Deprem birçok kentte tarihi ve kültürel varlıkların da zarar görmesine neden oldu. Antep Kalesi’nin burçları depremden zarar görürken, yine Antep’in Tepebaşı Mahallesi’nde bulunan Kurtuluş Camii’nin de kubbe ve minaresi yıkıldı. Aslında 1985 yılında camiye çevrilen yapı, gerçek adıyla Surp Asdvadzadzin Kilisesi. Bir Ermeni Apostolik kilisesi olan yapının yıkıntıları arasında sorularımızı yanıtlayan, “Hafızasını Kaybeden Kent Anteb” Kitabının Yazarı Murad Uçaner, yapının bugüne kadar başından geçenleri anlattı.
TERK ETMEK ZORUNDA KALINCA
1871’de başlayan kilise inşaatının, maddi olanaksızlıklar ve Rus Harbi gibi nedenlerle 1892 yılında tamamlanabildiğini söyleyen Uçaner, “İbadete açılmasına rağmen kubbesi yapılmamıştı. 1894’de kubbe ve haç yerleştirilerek resmen ibadete açılan kilise, ufak tefek depremlerde hasar görmemişti. Ancak daha öncesinde hemen arkada bulunan eski kilise, 1812 ve 1822 depremlerinde çok büyük hasar görmüştü. 1822 depremi hemen hemen bugün yaşadığımız depreme benziyor. 1894’de ibadete açılan kilise 1914’ün sonuna kadar ibadethane olarak kullanıldı. Fakat Ermeni tehciri nedeniyle ibadethane olarak kullanılamadı” dedi.
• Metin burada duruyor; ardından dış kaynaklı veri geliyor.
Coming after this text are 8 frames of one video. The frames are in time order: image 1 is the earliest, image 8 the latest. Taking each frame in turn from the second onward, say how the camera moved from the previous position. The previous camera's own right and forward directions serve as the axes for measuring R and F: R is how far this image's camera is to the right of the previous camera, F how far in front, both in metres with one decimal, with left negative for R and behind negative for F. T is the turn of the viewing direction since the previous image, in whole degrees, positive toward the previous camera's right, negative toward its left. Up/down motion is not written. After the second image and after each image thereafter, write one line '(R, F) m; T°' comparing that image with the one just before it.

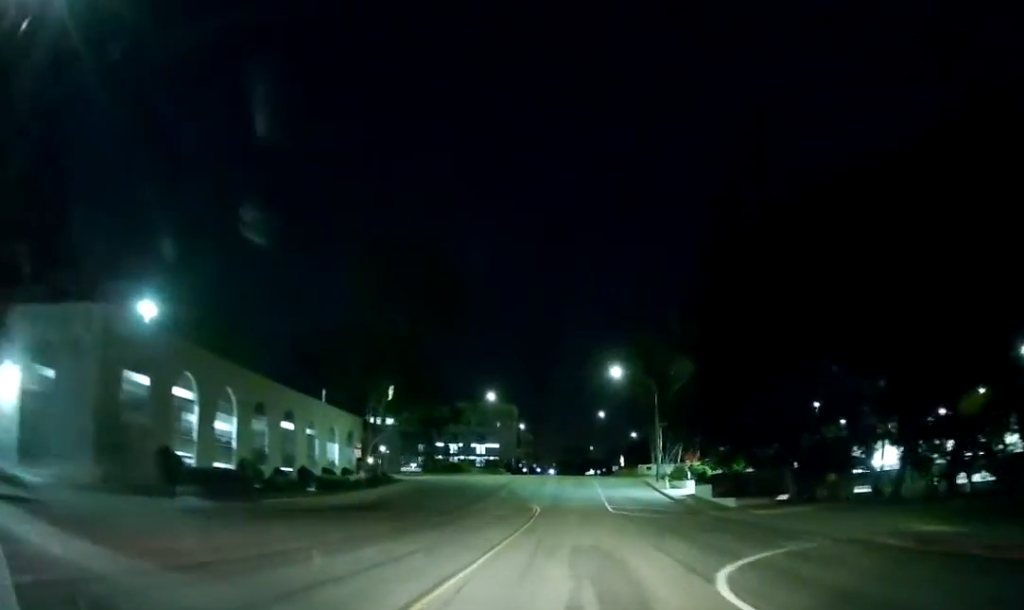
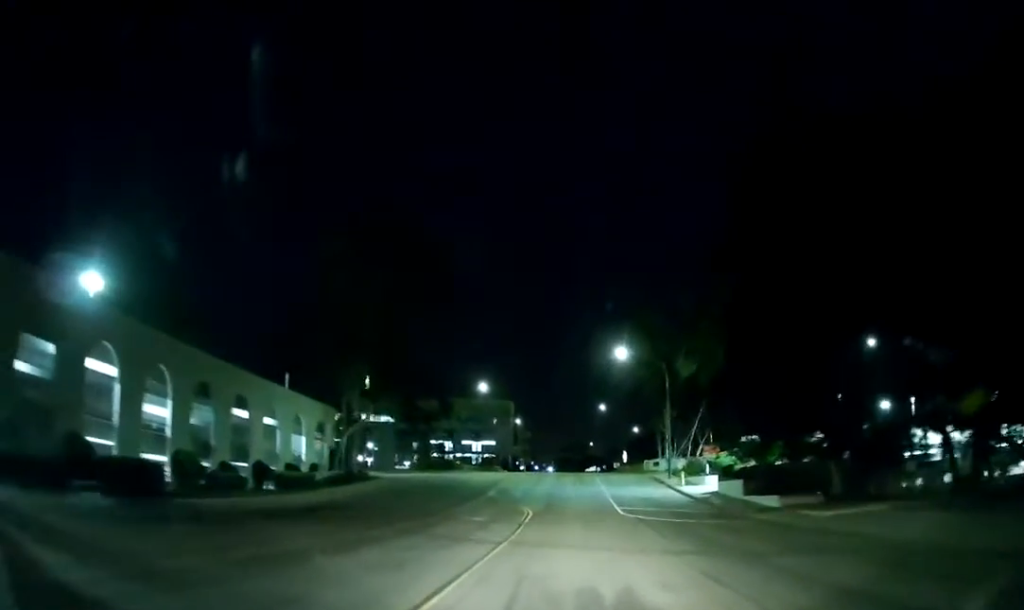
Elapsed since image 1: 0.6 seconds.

Daha sonra yapının bir dönem Osmanlı ordusunun deposu olarak kullanıldığını anlatan Uçaner, “Birinci Dünya Savaşı bittikten sonra sürgünden dönebilen Ermeniler geri gelince, tekrar kısa bir süre ibadete açıldı. Ancak 1922’de Antep’teki tüm Ermeniler kenti terk etmek zorunda bırakıldıklarında kilise olarak kullanılmadı” dedi.
UZUN YILLAR HAPİSHANE OLARAK KULLANILDI
Sonraki yıllarda kilisenin yavaş yavaş hapishaneye dönüştürülerek yaklaşık 60 sene bu amaçla kullanıldığını aktaran Uçaner, 1985’te de camiye dönüştürüldüğünü kaydetti: “Camiye dönüştürülürken, bana göre hatalı olarak yapılan restorasyon neticesinde deprem nedeniyle minare ve kubbe yıkıldı.”
Mimarlar Odası deprem bölgelerinde yaptığı incelemelerin ardından yayımladığı raporda, tarihi yapılarda restorasyon uygulamalarının doğru bir şekilde gerçekleştirilebilmesi için uyarılarda bulundu. Deprem nedeniyle etrafa dağılmış olan özgün yapı parçalarının korunması ve belgelenmesi için çalışma yapılması gerektiğine dikkat çekilen raporda, şöyle deniliyor: “Yıkıntılarının sokakları kapatmayacak şekilde mümkünse kendi parselinde tutulması gerekmektedir. Bununla birlikte yapı molozlarının parsel içinde komşu yapıların duvarları boyunca yığılması, az hasarlı olarak ayakta kalan yapıların da yağmur, kar sonrası molozdan gelecek su ile nem kaynaklı hasar görmesine neden olabilir.”